▶ _DATA FOR REVIEW_:
========
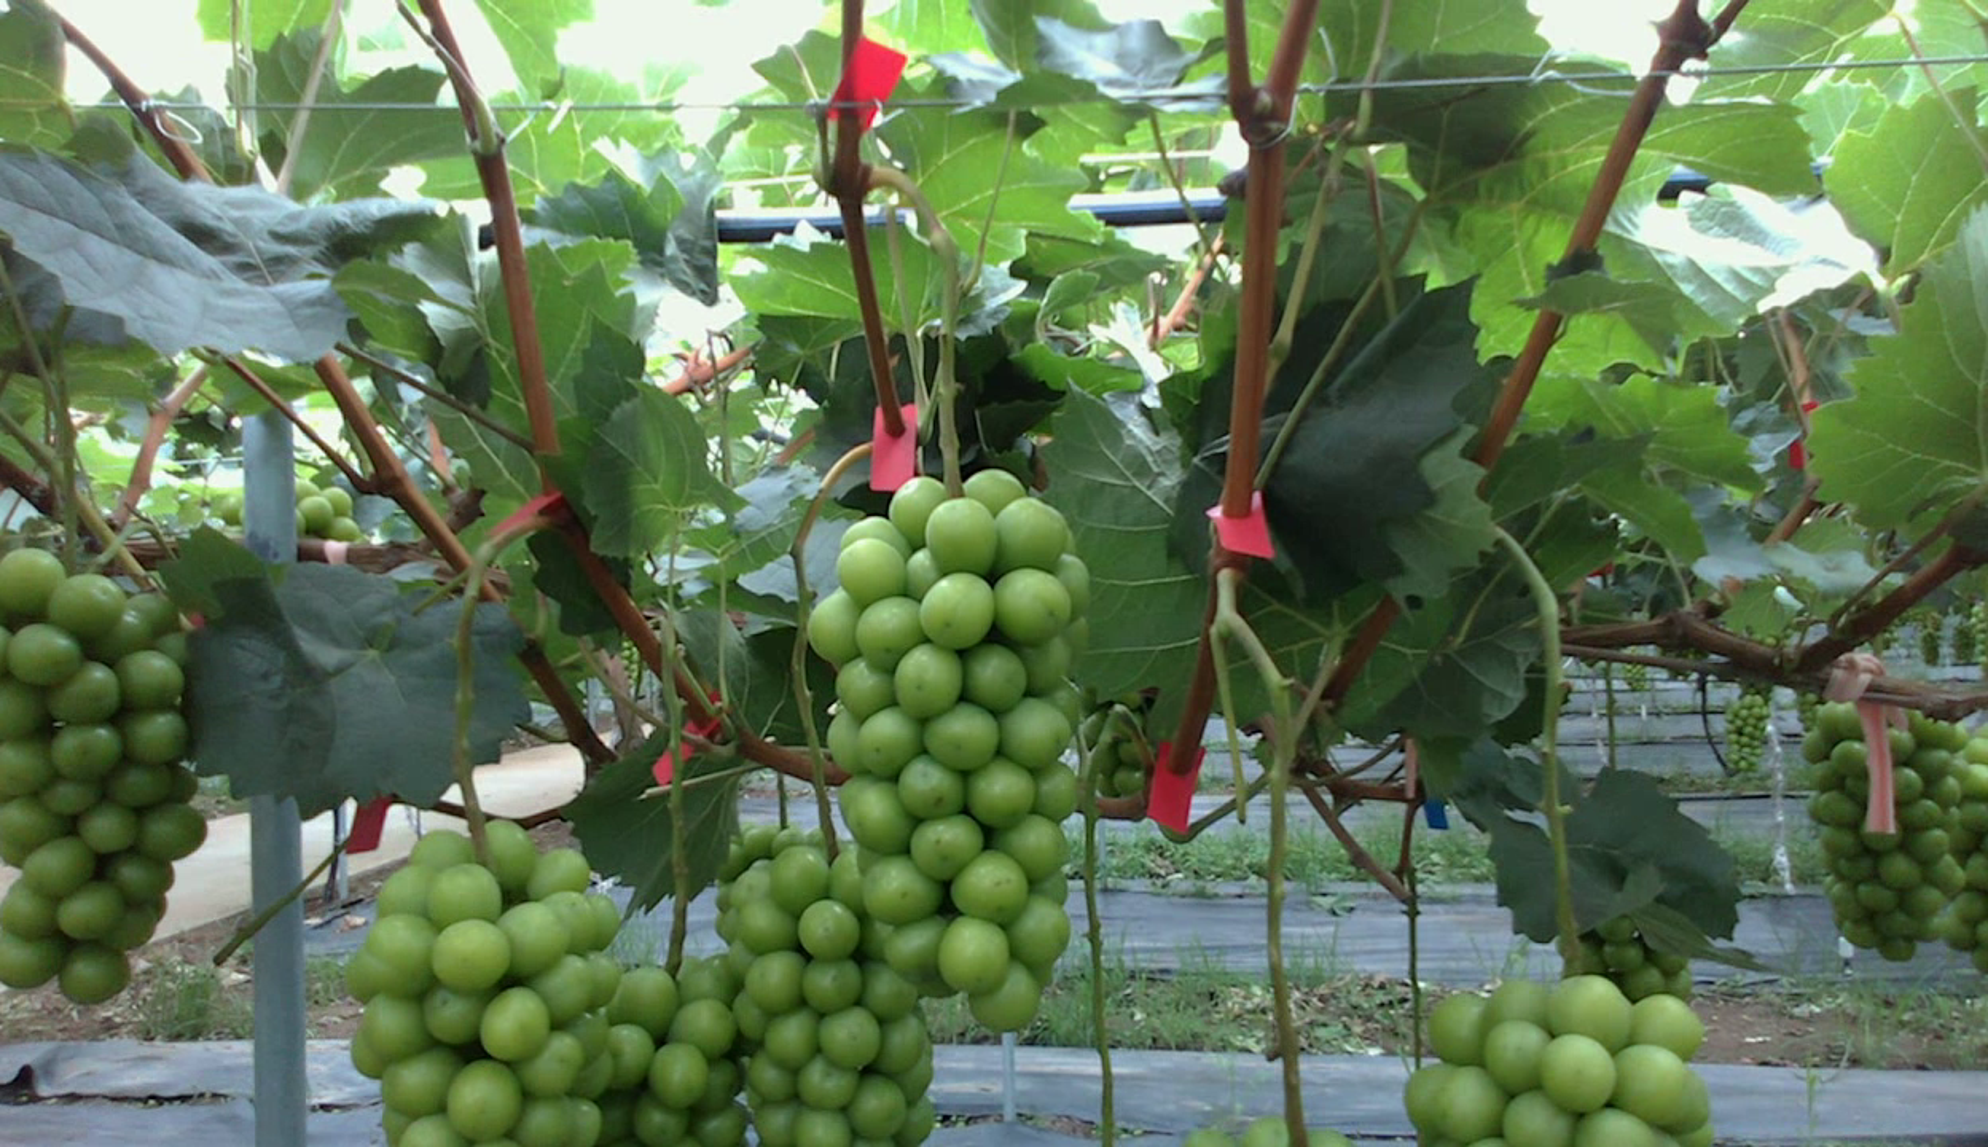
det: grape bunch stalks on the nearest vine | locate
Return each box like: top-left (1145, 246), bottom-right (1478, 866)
top-left (659, 615), bottom-right (688, 978)
top-left (1215, 570), bottom-right (1306, 1145)
top-left (789, 438), bottom-right (871, 867)
top-left (1497, 527), bottom-right (1582, 980)
top-left (452, 511), bottom-right (562, 883)
top-left (868, 164), bottom-right (964, 502)
top-left (49, 299), bottom-right (76, 578)
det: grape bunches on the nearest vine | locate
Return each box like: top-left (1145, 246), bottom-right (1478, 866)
top-left (1403, 975), bottom-right (1716, 1145)
top-left (809, 468), bottom-right (1088, 1032)
top-left (597, 954), bottom-right (749, 1145)
top-left (2, 548), bottom-right (205, 1002)
top-left (1184, 1117), bottom-right (1352, 1145)
top-left (715, 840), bottom-right (933, 1145)
top-left (341, 817), bottom-right (620, 1145)
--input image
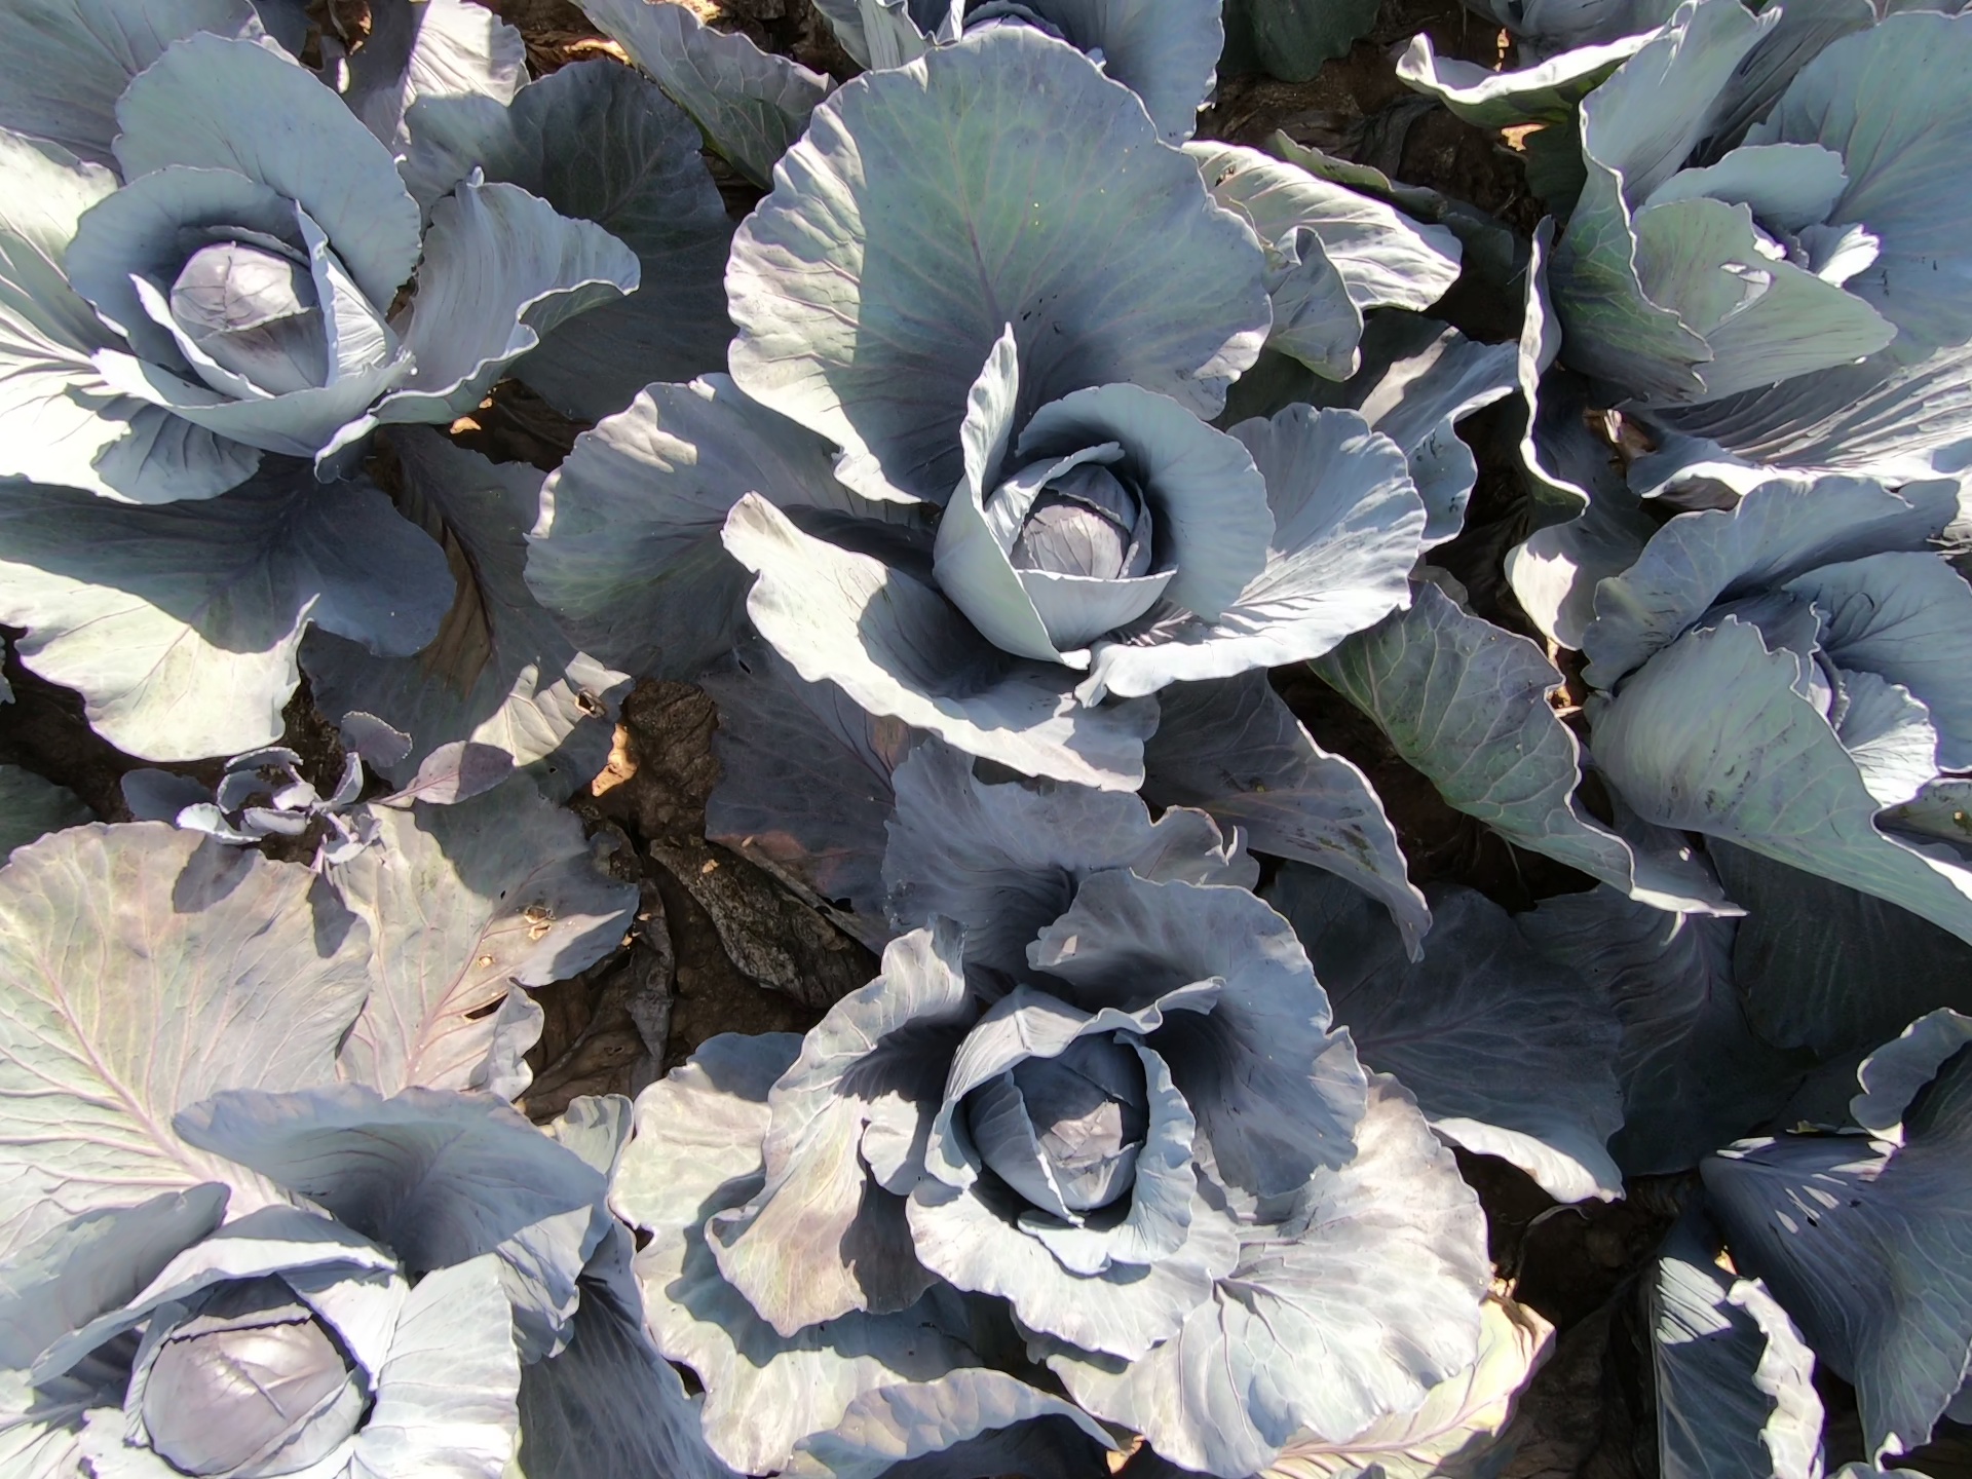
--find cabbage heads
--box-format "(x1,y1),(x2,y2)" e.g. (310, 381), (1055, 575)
(145, 1252), (388, 1476)
(1660, 219), (1788, 367)
(167, 231), (369, 404)
(968, 1013), (1156, 1204)
(1693, 631), (1834, 781)
(986, 460), (1148, 628)
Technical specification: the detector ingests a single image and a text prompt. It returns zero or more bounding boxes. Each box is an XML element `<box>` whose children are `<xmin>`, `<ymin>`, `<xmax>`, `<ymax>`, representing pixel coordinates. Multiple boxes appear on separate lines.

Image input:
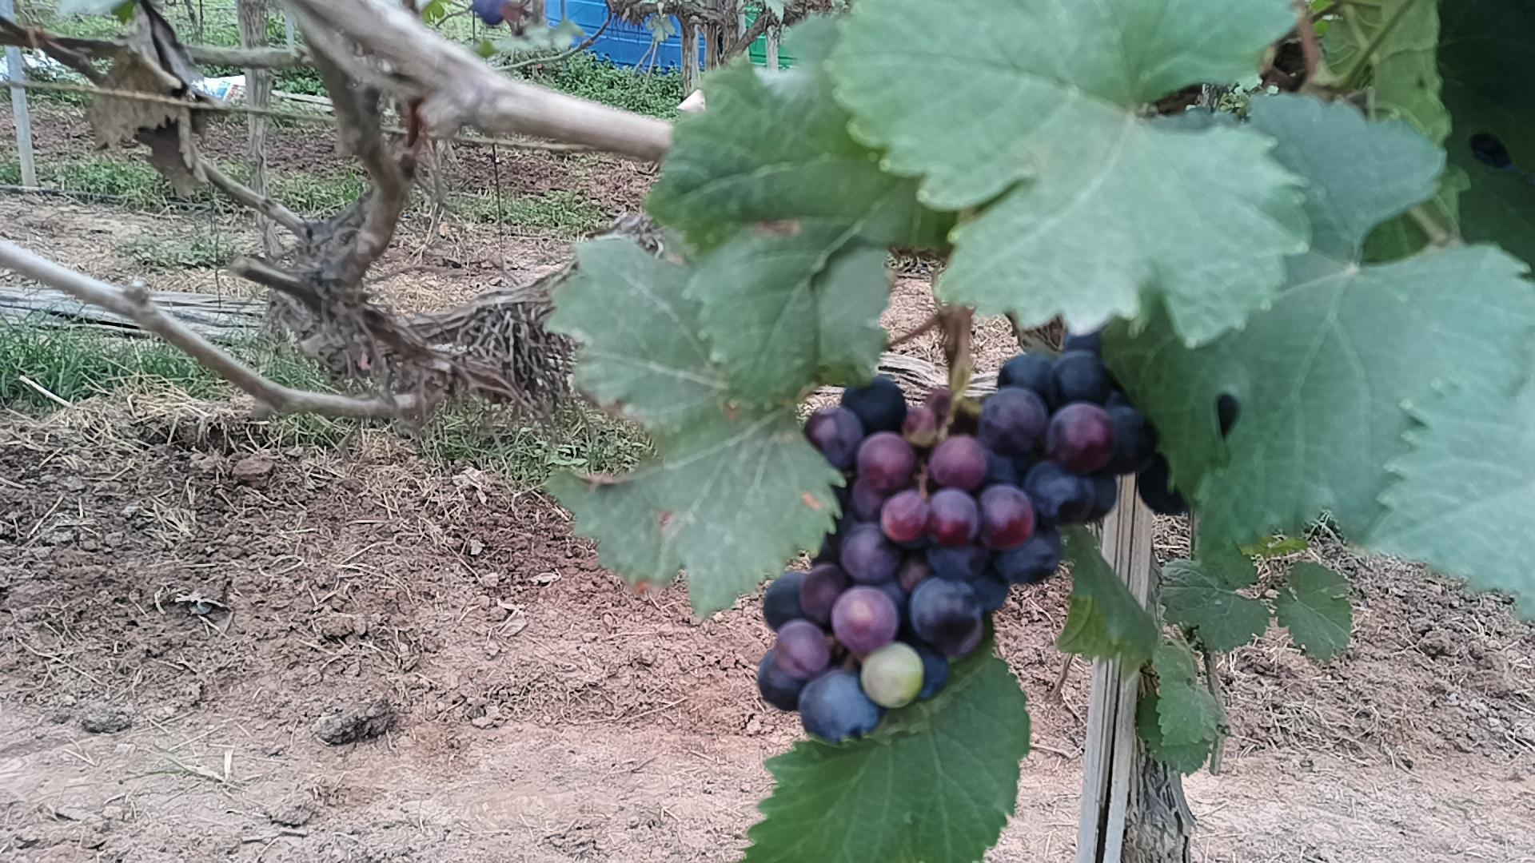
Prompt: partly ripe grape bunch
<box><xmin>758</xmin><ymin>332</ymin><xmax>1183</xmax><ymax>742</ymax></box>
========
Each line in the entries above that includes the string "nearest" should be extracted.

det: grape bunch stalks on the nearest vine | locate
det: grape bunches on the nearest vine | locate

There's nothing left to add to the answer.